Humans have fought this battle before on the big screen, though. Many of the meanest movie monkeys had good reason to be irked, like explorers invading their homes, psycho magical witches giving them commands and being kidnapped. Here are our picks for the five least friendly monkeys among them.

5. The winged monkeys, “The Wizard of Oz” (1939)
They look happy and care-free, but these little blue slaves to the Wicked Witch of the West (Margaret Hamilton) rip apart Dorothy’s (Judy Garland) friend The Scarecrow (Ray Bolger) and whisk her off to be imprisoned in a big, scary castle. They may dress in snappy red vests, but they’re bad news to anyone who happens to anger their boss.

4. Dr. James Brewster, “The Ape Man” (1943)
In a classic Jekyll-and-Hyde-style scenario Dr. Brewster (Bela Lugosi) transforms himself into a hairy half man, half ape, which means that he has to find a way to become completely human again. Thankfully for him, he’s got a gorilla sidekick to help him track down some human spinal fluid for his cure. Unfortunately for his neighbors, he’s got to find someone to extract that fluid from.

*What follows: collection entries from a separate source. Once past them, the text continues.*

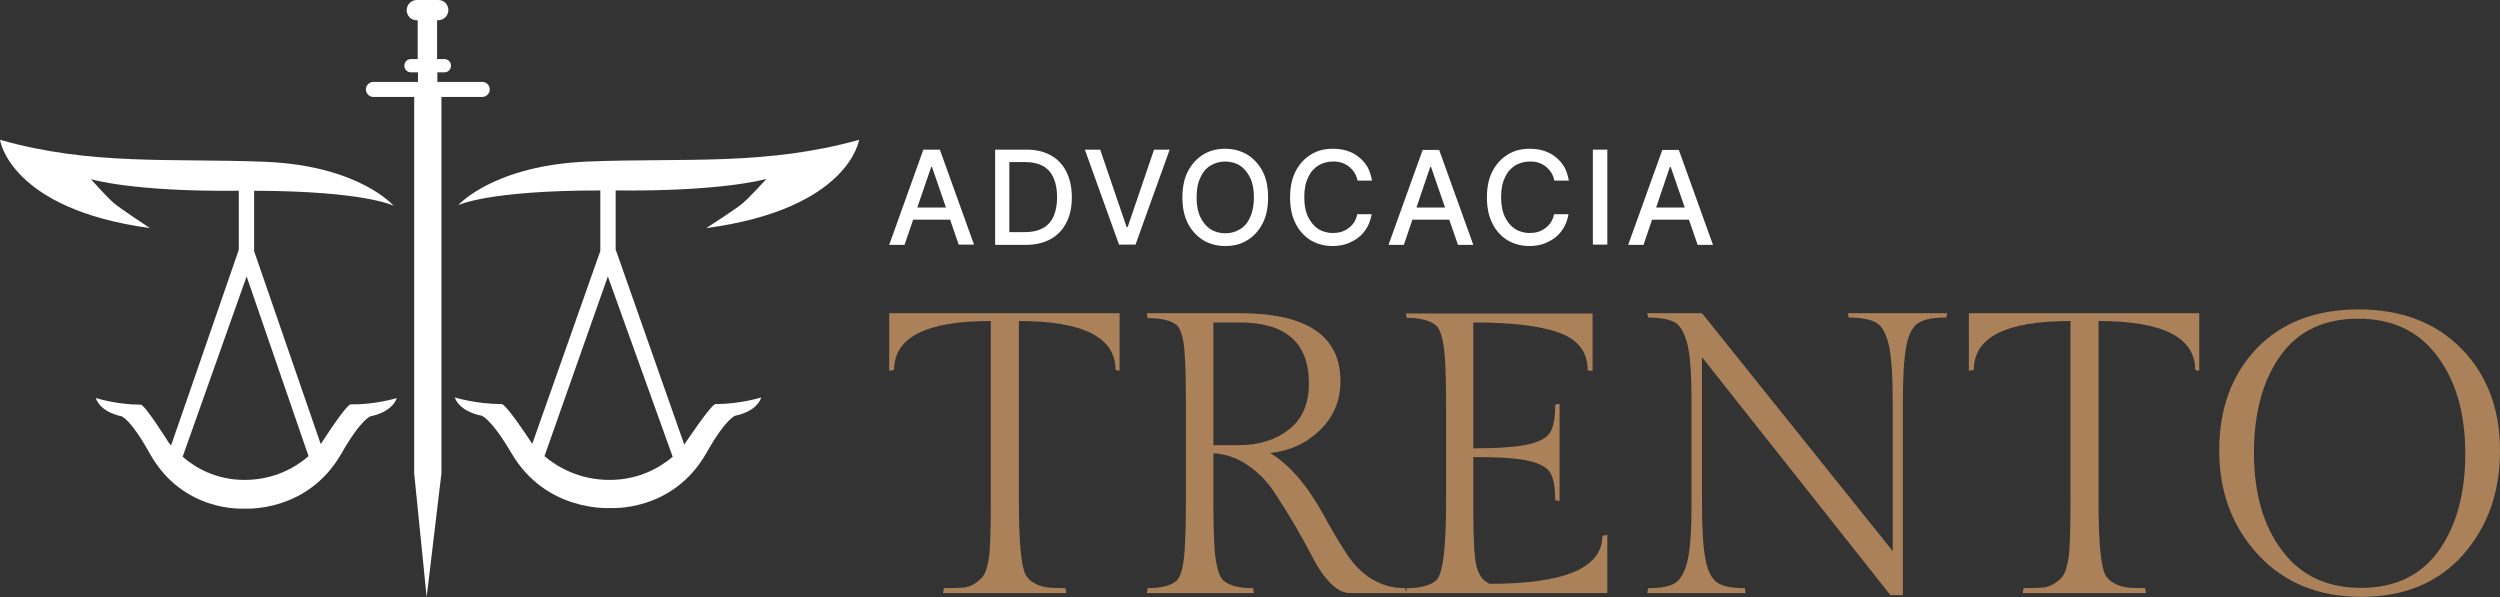 <?xml version="1.0" encoding="utf-8"?>
<!-- Generator: Adobe Illustrator 26.2.1, SVG Export Plug-In . SVG Version: 6.00 Build 0)  -->
<svg version="1.1" id="Camada_1" xmlns="http://www.w3.org/2000/svg" xmlns:xlink="http://www.w3.org/1999/xlink" x="0px" y="0px"
	 viewBox="0 0 863.7 206.3" style="enable-background:new 0 0 863.7 206.3;" xml:space="preserve">
<rect x="0" y="0" width="863.7" height="206.3" fill="#333333" stroke="none"/>
<style type="text/css">
	.st0{fill:#FFFFFF;}
	.st1{fill:#AB815A;}
</style>
<g>
	<g>
		<path class="st0" d="M256.5,70.3c-2.8,2.3-12.5,8.5-12.5,8.5c49.4-6.6,52.8-30.5,52.8-30.5c-32.2,9-60.5,6.2-93.5,7.5
			c-32.9,1.3-45,15.1-45,15.1s9.8-5.1,49.1-5.1l0,20.9l-23.5,66.6c-0.4-0.4-0.5-0.7-0.5-0.7s-8.5-13-10.1-13
			c-8.8,0-16.2-2.3-16.2-2.3c1.8,5.1,9.2,6.3,9.2,6.3s3.1,0.6,10.3,12.8c12,20.7,34.2,19.1,34.2,19.1s21.6,1.6,33.3-19.1
			c6.9-12.2,10-12.8,10-12.8s7.2-1.2,8.9-6.3c0,0-7.2,2.3-15.8,2.3c-1.5,0-10.8,14-10.8,14l-23.7-67.4l0-20.4
			c37.4,0.4,52.1-4,52.1-4S258.9,68.3,256.5,70.3z M232.4,157.8c-4.4,3.7-11.6,8-21.8,8c-10.5,0-18.1-4.5-22.5-8.2L210,95.5
			L232.4,157.8z"/>
		<path class="st0" d="M166.6,28.3l-15.5,0V25h2.4c1.3,0,2.3-1,2.3-2.3c0-1.3-1-2.3-2.3-2.3H151V7h0.4c1.9,0,3.5-1.6,3.5-3.5
			S153.4,0,151.5,0h-7.5c-1.9,0-3.5,1.6-3.5,3.5S142,7,143.9,7h0.4v13.4H142c-1.3,0-2.3,1-2.3,2.3c0,1.3,1,2.3,2.3,2.3h2.4v3.3
			l-15.4,0c-1.4,0-2.6,1.2-2.6,2.6v0c0,1.4,1.2,2.6,2.6,2.6l14.1,0v130.1l4.3,42.7l5.1-42.7V33.5l14.1,0c1.4,0,2.6-1.2,2.6-2.6
			C169.2,29.4,168,28.3,166.6,28.3z"/>
		<path class="st0" d="M121.2,139.7c-1.6,0-9.9,13-9.9,13s-0.2,0.3-0.5,0.7l-23-66.6l0-20.9c38.6,0.1,48.2,5.2,48.2,5.2
			s-11.8-13.8-44.2-15.2C59.5,54.6,31.6,57.3,0,48.3c0,0,3.3,23.9,51.8,30.5c0,0-9.6-6.3-12.3-8.5c-2.4-2-8.1-8.4-8.1-8.4
			s14.4,4.4,51.1,4l0,20.4l-23.4,67.6c-0.6-0.7-0.9-1.1-0.9-1.1s-8.1-13-9.6-13c-8.4,0-15.5-2.3-15.5-2.3c1.7,5.1,8.8,6.3,8.8,6.3
			s3,0.6,9.8,12.8c11.5,20.7,32.7,19.1,32.7,19.1s21.8,1.6,33.6-19.1c7-12.2,10.1-12.8,10.1-12.8s7.2-1.2,9-6.3
			C137.2,137.5,129.9,139.8,121.2,139.7z M84.5,165.8c-10,0-17.1-4.3-21.4-8l22.1-62.3l21.4,62.1C102.2,161.4,94.8,165.8,84.5,165.8
			z"/>
	</g>
	<g>
		<g>
			<path class="st1" d="M307.2,108.2h79.6v19.9l-1.4-0.3c0-11.2-11.1-16.9-33.4-16.9v62.7c0,13.6,0.8,21.9,2.3,24.9
				c0.6,1.1,1.5,2.1,2.9,2.9c1.4,0.8,2.9,1.3,4.4,1.5c1.6,0.2,3.7,0.3,6.5,0.3l0.3,1.7h-42.6l0.3-1.7c2.8,0,5-0.1,6.6-0.2
				c1.6-0.1,3.1-0.7,4.4-1.6c1.3-0.9,2.3-1.9,2.9-2.9c0.6-1,1.1-2.8,1.6-5.4c0.5-3.1,0.7-9.6,0.7-19.5v-62.7
				c-22.3,0-33.4,5.6-33.4,16.9l-1.7,0.3V108.2z"/>
			<path class="st1" d="M466.4,204.9c-2.3,0-4.6-1.2-6.8-3.5c-2.3-2.3-4.3-5.3-6.1-8.8c-1.8-3.5-3.9-7.3-6.3-11.4
				c-2.4-4.1-4.8-7.9-7.2-11.5c-2.4-3.6-5.4-6.6-9.1-9.1c-3.7-2.5-7.6-3.8-11.7-4v17.1c0,9.9,0.3,16.7,0.9,20.2
				c0.6,3.5,1.5,5.8,2.6,6.7c2.2,1.8,5.6,2.6,10.2,2.6l0.3,1.7h-37l0.3-1.7c4.5,0,7.8-0.8,9.9-2.5c1.7-1.4,2.8-5.9,3-13.5
				c0.2-3,0.3-7.6,0.3-13.5v-35c0-10.2-0.3-17-0.8-20.3c-0.6-3.3-1.4-5.4-2.5-6.2c-2.1-1.6-5.4-2.3-9.9-2.3l-0.3-1.7h32.1
				c23.2,0,34.8,7.8,34.8,23.5c0,6.7-2.4,12.4-7.1,16.9c-4.7,4.6-10.5,7.2-17.2,7.9c6.7,4,12.9,11.2,18.7,21.8
				c2.2,4.1,4.6,8.1,7,11.9c5.4,8.7,12.4,13,21,13l0.3,1.7H466.4z M419.2,111.4v42.4h8.7c7,0,12.8-1.8,17.4-5.4
				c4.6-3.6,6.9-8.9,6.9-16c0-14-8-21-24-21H419.2z"/>
			<path class="st1" d="M555.3,204.9h-69.6l0.3-1.7c4.6,0,8-0.9,10.1-2.6c2.3-1.9,3.5-10.9,3.5-26.9v-34.3c0-9.9-0.3-16.6-0.9-20.2
				c-0.6-3.6-1.5-5.9-2.6-6.8c-2.1-1.7-5.5-2.6-10.1-2.6l-0.3-1.5h64.5v19.9l-1.7-0.3c0-6.2-3.2-10.5-9.7-12.9
				c-6.5-2.4-16.4-3.6-29.8-3.6v43.5c8.8,0,15.2-0.5,19.1-1.4c3.9-0.9,6.4-2.3,7.5-4.2c1.1-1.9,1.7-5,1.7-9.5l1.5-0.3v33.6l-1.5-0.3
				c0-4.5-0.6-7.7-1.7-9.5c-1.1-1.8-3.6-3.2-7.5-4.1c-3.9-0.9-10.2-1.3-19.1-1.3v17.8c0,9.8,0.3,16.3,1,19.5
				c0.7,3.2,2.2,5.4,4.6,6.5c26,0,39-5.5,39-16.6l1.7-0.3V204.9z"/>
			<path class="st1" d="M657.4,139.3v66.3h-4.3L588,123.4v50c0,9.2,0.4,15.8,1.2,19.9c0.8,4.1,2.2,6.7,4.1,8
				c1.9,1.3,5.1,1.9,9.5,1.9l0.3,1.7h-34l0.3-1.7c4.4,0,7.6-0.6,9.5-1.9c1.9-1.3,3.3-4,4.2-8c0.9-4.1,1.3-10.7,1.3-19.9v-34.1
				c0-9.2-0.4-15.8-1.3-19.8c-0.9-4-2.3-6.6-4.1-7.9c-1.9-1.2-5.1-1.9-9.6-1.9l-0.3-1.5H588l65.9,82.2v-51.1
				c0-9.1-0.4-15.7-1.3-19.8c-0.9-4.1-2.3-6.7-4.2-7.9c-1.9-1.2-5.2-1.9-9.7-1.9l-0.3-1.5h34.3l-0.3,1.5c-4.5,0-7.7,0.6-9.7,1.9
				c-1.9,1.2-3.3,3.9-4.1,7.9C657.8,123.6,657.4,130.2,657.4,139.3z"/>
			<path class="st1" d="M680.2,108.2h79.6v19.9l-1.4-0.3c0-11.2-11.1-16.9-33.4-16.9v62.7c0,13.6,0.8,21.9,2.3,24.9
				c0.6,1.1,1.5,2.1,2.9,2.9c1.4,0.8,2.9,1.3,4.4,1.5c1.6,0.2,3.7,0.3,6.5,0.3l0.3,1.7h-42.6l0.3-1.7c2.8,0,5-0.1,6.6-0.2
				c1.6-0.1,3.1-0.7,4.4-1.6c1.3-0.9,2.3-1.9,2.9-2.9c0.6-1,1.1-2.8,1.6-5.4c0.5-3.1,0.7-9.6,0.7-19.5v-62.7
				c-22.3,0-33.4,5.6-33.4,16.9l-1.7,0.3V108.2z"/>
			<path class="st1" d="M814.8,106.9c14.8,0,26.7,4.5,35.6,13.6c8.9,9.1,13.3,20.8,13.3,35.2c0,14.4-4.3,26.4-12.9,36.1
				c-8.6,9.6-20.3,14.4-35,14.4s-26.6-4.8-35.6-14.5c-9-9.7-13.5-21.7-13.5-36.1c0-14.4,4.3-26.1,12.9-35.2
				C788.2,111.5,799.9,106.9,814.8,106.9z M815.7,203.1c11.7,0,20.7-4.3,26.8-12.8c6.1-8.5,9.2-19.7,9.2-33.6
				c0-13.9-3.2-25.1-9.7-33.7c-6.4-8.6-15.5-12.9-27.3-12.9c-11.7,0-20.7,4.2-26.8,12.7c-6.1,8.5-9.2,19.7-9.2,33.6
				s3.2,25.2,9.7,33.8C794.8,198.8,803.9,203.1,815.7,203.1z"/>
		</g>
		<g>
			<path class="st0" d="M312.5,84.6h-5.3L319,51.7h5.7l11.8,32.8h-5.3L322,57.7h-0.3L312.5,84.6z M313.4,71.7h17v4.2h-17V71.7z"/>
			<path class="st0" d="M354.4,84.6h-10.6V51.7h11c3.2,0,6,0.7,8.3,2c2.3,1.3,4.1,3.2,5.3,5.6c1.2,2.4,1.9,5.4,1.9,8.8
				c0,3.4-0.6,6.4-1.9,8.8c-1.2,2.5-3,4.3-5.4,5.7C360.6,83.9,357.7,84.6,354.4,84.6z M348.7,80.2h5.4c2.5,0,4.6-0.5,6.2-1.4
				c1.7-0.9,2.9-2.3,3.7-4.1c0.8-1.8,1.2-4,1.2-6.6c0-2.6-0.4-4.8-1.2-6.6c-0.8-1.8-2-3.2-3.6-4.1c-1.6-0.9-3.6-1.4-6-1.4h-5.7V80.2
				z"/>
			<path class="st0" d="M380.1,51.7l9.1,26.7h0.4l9.1-26.7h5.4l-11.8,32.8h-5.7l-11.8-32.8H380.1z"/>
			<path class="st0" d="M438.1,68.2c0,3.5-0.6,6.5-1.9,9c-1.3,2.5-3,4.4-5.3,5.8c-2.2,1.4-4.8,2-7.6,2c-2.8,0-5.4-0.7-7.6-2
				c-2.2-1.4-4-3.3-5.3-5.8c-1.3-2.5-1.9-5.5-1.9-9c0-3.5,0.6-6.5,1.9-9c1.3-2.5,3-4.4,5.3-5.8c2.2-1.4,4.8-2,7.6-2
				c2.8,0,5.4,0.7,7.6,2c2.2,1.4,4,3.3,5.3,5.8C437.5,61.6,438.1,64.7,438.1,68.2z M433.2,68.2c0-2.7-0.4-4.9-1.3-6.8
				c-0.9-1.8-2-3.2-3.5-4.2c-1.5-0.9-3.2-1.4-5.1-1.4c-1.9,0-3.6,0.5-5.1,1.4c-1.5,0.9-2.7,2.3-3.5,4.2c-0.9,1.8-1.3,4.1-1.3,6.8
				s0.4,4.9,1.3,6.8c0.9,1.8,2,3.2,3.5,4.2c1.5,0.9,3.2,1.4,5.1,1.4c1.9,0,3.6-0.5,5.1-1.4c1.5-0.9,2.7-2.3,3.5-4.2
				C432.8,73.1,433.2,70.8,433.2,68.2z"/>
			<path class="st0" d="M474,62.4h-5c-0.2-1.1-0.6-2-1.1-2.8c-0.5-0.8-1.2-1.5-1.9-2.1c-0.8-0.6-1.6-1-2.5-1.3
				c-0.9-0.3-1.9-0.4-3-0.4c-1.9,0-3.6,0.5-5.1,1.4c-1.5,1-2.7,2.3-3.5,4.2c-0.9,1.8-1.3,4.1-1.3,6.7c0,2.7,0.4,4.9,1.3,6.8
				c0.9,1.8,2,3.2,3.5,4.2c1.5,0.9,3.2,1.4,5,1.4c1,0,2-0.1,3-0.4c0.9-0.3,1.8-0.7,2.5-1.3c0.8-0.6,1.4-1.2,1.9-2
				c0.5-0.8,0.9-1.7,1.1-2.8l5,0c-0.3,1.6-0.8,3.1-1.5,4.4c-0.8,1.4-1.7,2.5-2.9,3.5c-1.2,1-2.6,1.7-4.1,2.3c-1.5,0.5-3.2,0.8-5,0.8
				c-2.8,0-5.4-0.7-7.6-2c-2.2-1.4-4-3.3-5.2-5.8c-1.3-2.5-1.9-5.5-1.9-9c0-3.5,0.6-6.5,1.9-9c1.3-2.5,3-4.4,5.3-5.8
				c2.2-1.4,4.7-2,7.6-2c1.7,0,3.4,0.2,4.9,0.7c1.5,0.5,2.9,1.2,4.1,2.2c1.2,1,2.2,2.1,3,3.5C473.2,59.1,473.7,60.7,474,62.4z"/>
			<path class="st0" d="M485,84.6h-5.3l11.8-32.8h5.7l11.8,32.8h-5.3l-9.3-26.9h-0.3L485,84.6z M485.9,71.7h17v4.2h-17V71.7z"/>
			<path class="st0" d="M542,62.4h-5c-0.2-1.1-0.6-2-1.1-2.8s-1.2-1.5-1.9-2.1c-0.8-0.6-1.6-1-2.5-1.3c-0.9-0.3-1.9-0.4-3-0.4
				c-1.9,0-3.6,0.5-5.1,1.4c-1.5,1-2.7,2.3-3.5,4.2c-0.9,1.8-1.3,4.1-1.3,6.7c0,2.7,0.4,4.9,1.3,6.8c0.9,1.8,2,3.2,3.5,4.2
				c1.5,0.9,3.2,1.4,5,1.4c1,0,2-0.1,3-0.4c0.9-0.3,1.8-0.7,2.5-1.3c0.8-0.6,1.4-1.2,1.9-2c0.5-0.8,0.9-1.7,1.1-2.8l5,0
				c-0.3,1.6-0.8,3.1-1.5,4.4c-0.8,1.4-1.7,2.5-2.9,3.5c-1.2,1-2.6,1.7-4.1,2.3c-1.5,0.5-3.2,0.8-5,0.8c-2.8,0-5.4-0.7-7.6-2
				c-2.2-1.4-4-3.3-5.2-5.8c-1.3-2.5-1.9-5.5-1.9-9c0-3.5,0.6-6.5,1.9-9c1.3-2.5,3-4.4,5.3-5.8c2.2-1.4,4.7-2,7.6-2
				c1.7,0,3.4,0.2,4.9,0.7c1.5,0.5,2.9,1.2,4.1,2.2c1.2,1,2.2,2.1,3,3.5C541.2,59.1,541.7,60.7,542,62.4z"/>
			<path class="st0" d="M555.3,51.7v32.8h-5V51.7H555.3z"/>
			<path class="st0" d="M567.8,84.6h-5.3l11.8-32.8h5.7l11.8,32.8h-5.3l-9.3-26.9h-0.3L567.8,84.6z M568.7,71.7h17v4.2h-17V71.7z"/>
		</g>
	</g>
</g>
</svg>

3. General Ursus, “Beneath the Planet of the Apes” (1968)
When it came to human-hating, ego-maniacal bad guys in the first “Planet of the Apes” films, Ursus (James Gregory) was the gorilla to root against. The mutant humans beneath the surface weren’t the nicest people, either, but Ursus wanted nothing more than total ape domination. He did wear one of the coolest helmets in the history of monkey military gear, however.

2. The gray gorillas, “Congo” (1995)
All the scary-looking puppet-gorillas in “Congo” wanted to do was protect their home, but pesky humans kept creeping in and trying to take their diamonds. There’s a valuable lesson here. Never take diamonds from an ancient city guarded by primates with about a thousand times your muscle mass. They will rip your eyeballs out and throw them back out into the jungle without thinking twice.

1. King Kong, “King Kong” (1933)
The iconic misunderstood, mistreated, hunted down native on this list is none other than King Kong. You must have expected this when you first read our title. After all, he is probably the most famous character in all of film. Nevertheless, no single gorilla on the big screen has inspired fear on the scale that this fellow did. Thus, he gets our number one slot.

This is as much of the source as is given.